Documentation — SpinDynamics | SDK Reference & Developer Guides

Installation

Install the SpinDynamics SDK for your language of choice. All SDKs are published to their respective package registries and receive weekly releases aligned with platform updates.

Python

$ pip install spindynamics

Node.js

$ npm install @spindynamics/sdk

Requirements

Python 3.9+ or Node.js 18+. All SDKs are generated from our OpenAPI spec and ship with full type annotations.

Authentication

All API requests require a valid API key. You can generate keys from the SpinDynamics dashboard under Settings → API Keys.
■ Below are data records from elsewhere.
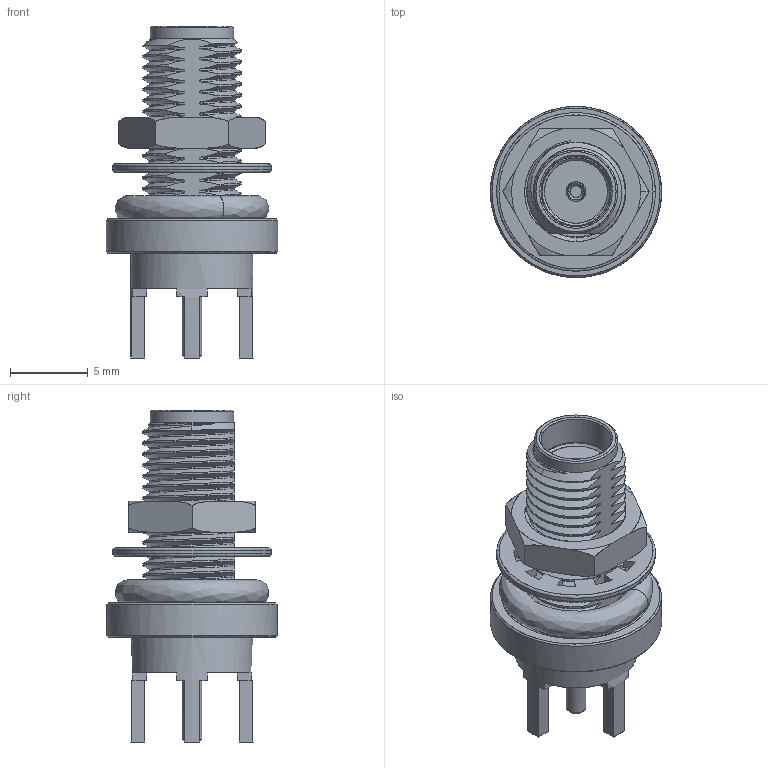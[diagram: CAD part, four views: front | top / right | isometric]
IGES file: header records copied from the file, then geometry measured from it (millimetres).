
Start section: C
Global section: file name: 60312052111533.igs; native system: By Siemens PLM Incorporated; preprocessor: XPlus GENERIC/IGES 25.1.153; author: Author; organization: Title; date: 20240527.132202; units: millimetre
Bounding box: 11 x 10.99 x 21.34 mm (x, y, z)
Surface area: 1257.9 mm2 (no closed solid volume)
Topology: 0 solids, 0 shells, 255 faces, 2212 edges, 2212 vertices
Faces by surface type: bspline 255

Keys are scoped to your organization and support granular permission controls.

auth.py
from spindynamics import Cortex

# Option 1: Pass the key directly
client = Cortex(api_key="sd_live_...")

# Option 2: Set the SPINDYNAMICS_API_KEY environment variable
# export SPINDYNAMICS_API_KEY=sd_live_...
client = Cortex()  # reads from env automatically

API keys follow the format sd_live_* for production and sd_test_* for sandbox environments. Test keys route to a simulated inference backend and are free to use during development.

Quick Start

Deploy a model with adaptive routing and run your first inference request in under 30 seconds. This example uses the Python SDK, but the same flow applies to all languages.

quickstart.py
from spindynamics import Cortex

client = Cortex()

# Deploy a model with adaptive routing
deployment = client.deploy(
    model="llama-3.1-70b",
    strategy="adaptive",
    regions=["us-east-1", "eu-west-1"],
    constraints={
        "max_latency_ms": 50,
        "data_residency": "eu-gdpr"
    }
)

# Run inference — routing is automatic
response = client.infer(
    deployment_id=deployment.id,
    prompt="Explain quantum computing",
    max_tokens=512
)

print(response.text)
print(f"Routed to: {response.region}")
print(f"Latency: {response.latency_ms}ms")
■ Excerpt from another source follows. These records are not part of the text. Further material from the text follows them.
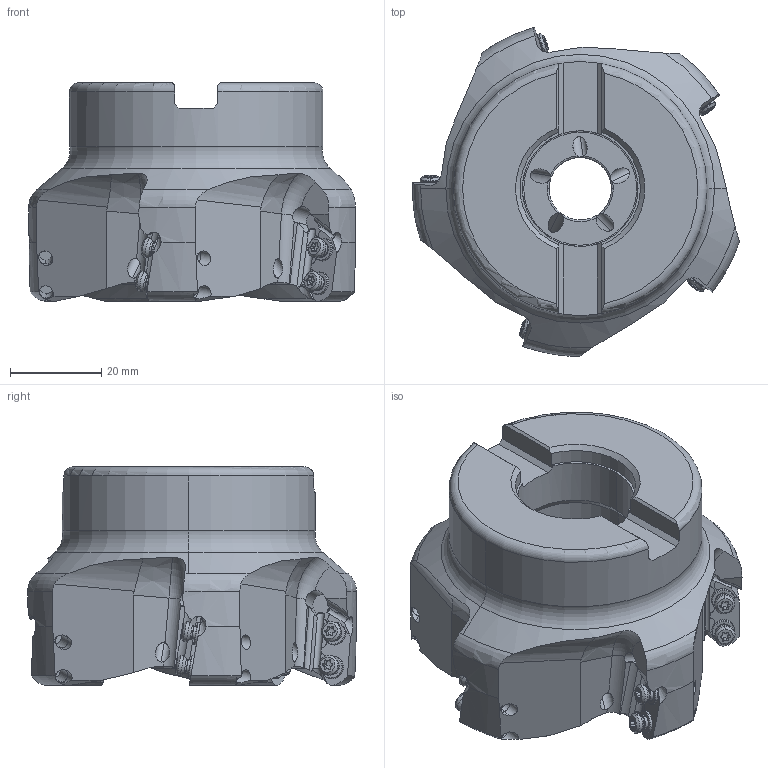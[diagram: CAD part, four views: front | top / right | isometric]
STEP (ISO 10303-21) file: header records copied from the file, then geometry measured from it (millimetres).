
FILE_DESCRIPTION(/* description */ (''),/* implementation_level */ '2;1');
FILE_NAME(/* name */ 'AXD4000UR0305CB.stp',/* time_stamp */ '2021-10-19T09:07:13+09:00',/* author */ (''),/* organization */ (''),/* preprocessor_version */ 'ST-DEVELOPER v16',/* originating_system */ 'SIEMENS PLM Software NX 10.0',/* authorisation */ '');
FILE_SCHEMA (('AUTOMOTIVE_DESIGN { 1 0 10303 214 3 1 1 1 }'));
Length unit declared in the file: millimetre
Products named in the file (1): AXD4000UR0305CB_ASM
Bounding box: 71.76 x 72.2 x 47.92 mm (x, y, z)
Volume: 105156 mm3; surface area: 22465 mm2
Topology: 11 solids, 11 shells, 724 faces, 2254 edges, 1535 vertices
Faces by surface type: cylinder 359, plane 161, cone 112, torus 52, sphere 40
Entity records: 31349 total; most frequent: CARTESIAN_POINT 11170, ORIENTED_EDGE 4444, DIRECTION 4104, EDGE_CURVE 2222, AXIS2_PLACEMENT_3D 1745, VERTEX_POINT 1527, CIRCLE 915, EDGE_LOOP 763

The strategy="adaptive" parameter tells the RL router to continuously optimize placement across the specified regions. The constraints object enforces hard limits -- in this case, 50ms max latency and EU GDPR data residency compliance.

Deployments

A Deployment represents a model that has been registered, compiled, and distributed across your infrastructure fleet. Deployments have a lifecycle: they are created, become active, can be updated, and eventually deleted.

Creating a deployment

Use client.deploy() to create a new deployment. The platform handles model compilation, quantization, and distribution to the target regions automatically.

deployments.py
# Create a deployment
deployment = client.deploy(
    model="llama-3.1-70b",
    strategy="adaptive",
    regions=["us-east-1", "eu-west-1", "ap-southeast-1"],
    autoscale={
        "min_replicas": 1,
        "max_replicas": 64,
        "target_p99_ms": 40
    }
)
print(deployment.id)       # "dep_3kx9f2a..."
print(deployment.status)   # "provisioning" -> "active"

Managing deployments

manage_deployments.py
# List all deployments
deployments = client.deployments.list()
for d in deployments:
    print(f"{d.id} - {d.model} - {d.status}")
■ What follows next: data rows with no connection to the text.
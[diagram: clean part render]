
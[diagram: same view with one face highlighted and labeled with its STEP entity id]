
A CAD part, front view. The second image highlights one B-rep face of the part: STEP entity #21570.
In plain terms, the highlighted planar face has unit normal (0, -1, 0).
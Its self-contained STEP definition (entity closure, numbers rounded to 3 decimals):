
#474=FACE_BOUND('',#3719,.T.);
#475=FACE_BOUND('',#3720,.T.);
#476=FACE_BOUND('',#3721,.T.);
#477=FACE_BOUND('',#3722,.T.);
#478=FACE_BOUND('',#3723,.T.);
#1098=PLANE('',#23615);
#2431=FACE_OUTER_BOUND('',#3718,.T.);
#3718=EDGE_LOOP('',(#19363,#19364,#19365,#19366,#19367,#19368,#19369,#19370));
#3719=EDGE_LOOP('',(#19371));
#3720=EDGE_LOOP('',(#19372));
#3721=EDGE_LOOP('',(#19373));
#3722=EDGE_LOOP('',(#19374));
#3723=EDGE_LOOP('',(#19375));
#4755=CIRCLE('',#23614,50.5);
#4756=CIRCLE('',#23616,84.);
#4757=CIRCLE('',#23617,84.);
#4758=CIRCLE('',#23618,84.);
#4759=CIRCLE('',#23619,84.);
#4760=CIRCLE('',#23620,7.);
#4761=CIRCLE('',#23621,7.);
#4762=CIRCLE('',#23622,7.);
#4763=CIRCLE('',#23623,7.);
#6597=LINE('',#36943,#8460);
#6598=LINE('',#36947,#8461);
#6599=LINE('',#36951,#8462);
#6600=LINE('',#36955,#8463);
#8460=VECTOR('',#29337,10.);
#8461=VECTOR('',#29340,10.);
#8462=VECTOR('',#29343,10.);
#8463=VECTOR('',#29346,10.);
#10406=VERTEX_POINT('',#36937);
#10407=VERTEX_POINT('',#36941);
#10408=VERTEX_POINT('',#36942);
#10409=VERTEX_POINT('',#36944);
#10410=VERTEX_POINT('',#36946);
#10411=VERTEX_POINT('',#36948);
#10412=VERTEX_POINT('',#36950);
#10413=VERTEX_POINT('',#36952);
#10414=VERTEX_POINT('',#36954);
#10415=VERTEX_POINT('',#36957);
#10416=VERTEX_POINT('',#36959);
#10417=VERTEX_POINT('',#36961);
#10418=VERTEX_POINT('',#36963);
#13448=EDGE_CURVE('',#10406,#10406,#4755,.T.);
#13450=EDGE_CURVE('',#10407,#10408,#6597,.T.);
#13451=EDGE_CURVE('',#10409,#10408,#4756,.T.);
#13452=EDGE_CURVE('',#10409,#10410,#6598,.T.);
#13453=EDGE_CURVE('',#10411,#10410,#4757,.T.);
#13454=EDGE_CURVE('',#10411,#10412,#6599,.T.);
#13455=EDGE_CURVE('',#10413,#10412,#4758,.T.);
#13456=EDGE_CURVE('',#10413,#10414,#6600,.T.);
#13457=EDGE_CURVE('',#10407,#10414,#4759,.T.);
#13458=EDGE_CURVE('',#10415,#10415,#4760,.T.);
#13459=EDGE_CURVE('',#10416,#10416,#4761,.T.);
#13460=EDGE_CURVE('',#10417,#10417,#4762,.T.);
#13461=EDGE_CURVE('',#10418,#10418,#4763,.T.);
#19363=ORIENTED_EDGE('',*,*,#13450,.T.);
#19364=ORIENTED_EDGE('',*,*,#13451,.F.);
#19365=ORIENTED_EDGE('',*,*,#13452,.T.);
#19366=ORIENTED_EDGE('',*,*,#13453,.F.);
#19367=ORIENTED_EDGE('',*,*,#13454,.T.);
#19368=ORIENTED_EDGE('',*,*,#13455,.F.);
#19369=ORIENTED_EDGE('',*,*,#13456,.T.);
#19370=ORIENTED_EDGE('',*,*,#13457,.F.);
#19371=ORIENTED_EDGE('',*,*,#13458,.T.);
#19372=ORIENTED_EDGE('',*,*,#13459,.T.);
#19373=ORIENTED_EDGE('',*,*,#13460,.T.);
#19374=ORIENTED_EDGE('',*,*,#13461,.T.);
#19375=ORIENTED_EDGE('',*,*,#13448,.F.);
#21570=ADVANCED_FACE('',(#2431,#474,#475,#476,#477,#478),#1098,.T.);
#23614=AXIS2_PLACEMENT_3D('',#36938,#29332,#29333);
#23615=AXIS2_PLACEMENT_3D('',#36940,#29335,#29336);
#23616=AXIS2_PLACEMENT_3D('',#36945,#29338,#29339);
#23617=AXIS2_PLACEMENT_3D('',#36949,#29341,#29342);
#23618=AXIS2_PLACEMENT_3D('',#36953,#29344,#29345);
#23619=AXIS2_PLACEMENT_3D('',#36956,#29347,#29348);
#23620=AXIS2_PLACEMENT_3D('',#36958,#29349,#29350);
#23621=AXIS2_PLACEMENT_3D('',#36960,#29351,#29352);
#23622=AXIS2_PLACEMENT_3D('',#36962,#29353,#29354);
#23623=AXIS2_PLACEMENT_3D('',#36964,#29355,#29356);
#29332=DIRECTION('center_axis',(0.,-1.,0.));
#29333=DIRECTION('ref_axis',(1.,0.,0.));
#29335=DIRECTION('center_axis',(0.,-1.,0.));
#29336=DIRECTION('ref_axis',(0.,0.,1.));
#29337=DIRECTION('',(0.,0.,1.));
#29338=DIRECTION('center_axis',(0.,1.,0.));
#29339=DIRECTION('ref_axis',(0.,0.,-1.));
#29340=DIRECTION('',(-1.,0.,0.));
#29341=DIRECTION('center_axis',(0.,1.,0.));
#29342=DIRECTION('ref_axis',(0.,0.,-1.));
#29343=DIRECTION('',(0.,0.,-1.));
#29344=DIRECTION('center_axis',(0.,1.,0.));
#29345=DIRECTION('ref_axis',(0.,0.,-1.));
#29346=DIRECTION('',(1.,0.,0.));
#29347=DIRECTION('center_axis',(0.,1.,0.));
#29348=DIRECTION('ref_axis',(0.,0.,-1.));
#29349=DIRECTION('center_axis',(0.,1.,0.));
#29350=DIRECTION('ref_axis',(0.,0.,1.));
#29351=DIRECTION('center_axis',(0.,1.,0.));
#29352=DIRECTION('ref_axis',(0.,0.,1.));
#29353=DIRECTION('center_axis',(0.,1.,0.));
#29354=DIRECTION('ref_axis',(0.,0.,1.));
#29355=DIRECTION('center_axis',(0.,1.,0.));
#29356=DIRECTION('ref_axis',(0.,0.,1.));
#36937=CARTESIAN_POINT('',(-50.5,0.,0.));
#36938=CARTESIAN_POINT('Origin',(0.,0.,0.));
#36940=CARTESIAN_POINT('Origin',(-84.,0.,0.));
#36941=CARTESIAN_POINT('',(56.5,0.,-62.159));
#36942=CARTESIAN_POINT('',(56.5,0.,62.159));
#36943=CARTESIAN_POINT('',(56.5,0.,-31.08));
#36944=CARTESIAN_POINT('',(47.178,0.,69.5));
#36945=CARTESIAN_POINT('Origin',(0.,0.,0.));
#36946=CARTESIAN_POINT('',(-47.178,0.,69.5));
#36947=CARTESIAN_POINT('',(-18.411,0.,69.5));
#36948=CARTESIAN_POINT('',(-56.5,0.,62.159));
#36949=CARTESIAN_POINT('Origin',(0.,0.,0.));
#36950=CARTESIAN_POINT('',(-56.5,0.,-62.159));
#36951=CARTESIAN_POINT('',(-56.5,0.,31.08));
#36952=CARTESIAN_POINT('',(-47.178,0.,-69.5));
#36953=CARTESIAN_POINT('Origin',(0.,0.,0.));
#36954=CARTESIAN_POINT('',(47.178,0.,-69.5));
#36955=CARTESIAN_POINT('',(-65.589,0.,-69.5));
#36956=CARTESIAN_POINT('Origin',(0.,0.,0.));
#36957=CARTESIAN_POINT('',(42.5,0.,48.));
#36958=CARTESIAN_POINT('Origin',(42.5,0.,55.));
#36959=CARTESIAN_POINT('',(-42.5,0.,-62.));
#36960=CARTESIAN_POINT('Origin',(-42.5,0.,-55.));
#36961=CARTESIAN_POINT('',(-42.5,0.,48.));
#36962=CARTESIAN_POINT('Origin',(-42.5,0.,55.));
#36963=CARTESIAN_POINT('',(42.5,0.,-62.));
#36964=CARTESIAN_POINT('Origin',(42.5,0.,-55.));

# Get a specific deployment
dep = client.deployments.get("dep_3kx9f2a...")
print(dep.regions)       # ["us-east-1", "eu-west-1", ...]
print(dep.replicas)      # current active replica count
print(dep.metrics.p99)  # current p99 latency

# Delete a deployment
client.deployments.delete("dep_3kx9f2a...")

Deployments transition through the following states: provisioning → compiling → distributing → active. The full lifecycle typically completes in under 90 seconds for supported model architectures.

Routing Policies

Routing policies define how the RL engine makes placement decisions. Each policy specifies optimization objectives, relative weights, and hard constraints. The RL agent learns an optimal policy within these bounds.

routing.py
# Create a custom routing policy
policy = client.routing.create_policy(
    objectives=["minimize_latency", "minimize_cost"],
    weights=[0.7, 0.3],
    constraints={
        "excluded_regions": ["cn-*"],
        "preferred_providers": ["aws", "gcp"]
    }
)

# Attach policy to a deployment
client.deployments.update(
    "dep_3kx9f2a...",
    routing_policy=policy.id
)

# List active policies
policies = client.routing.list_policies()
for p in policies:
    print(f"{p.id} - {p.objectives} - {p.convergence_status}")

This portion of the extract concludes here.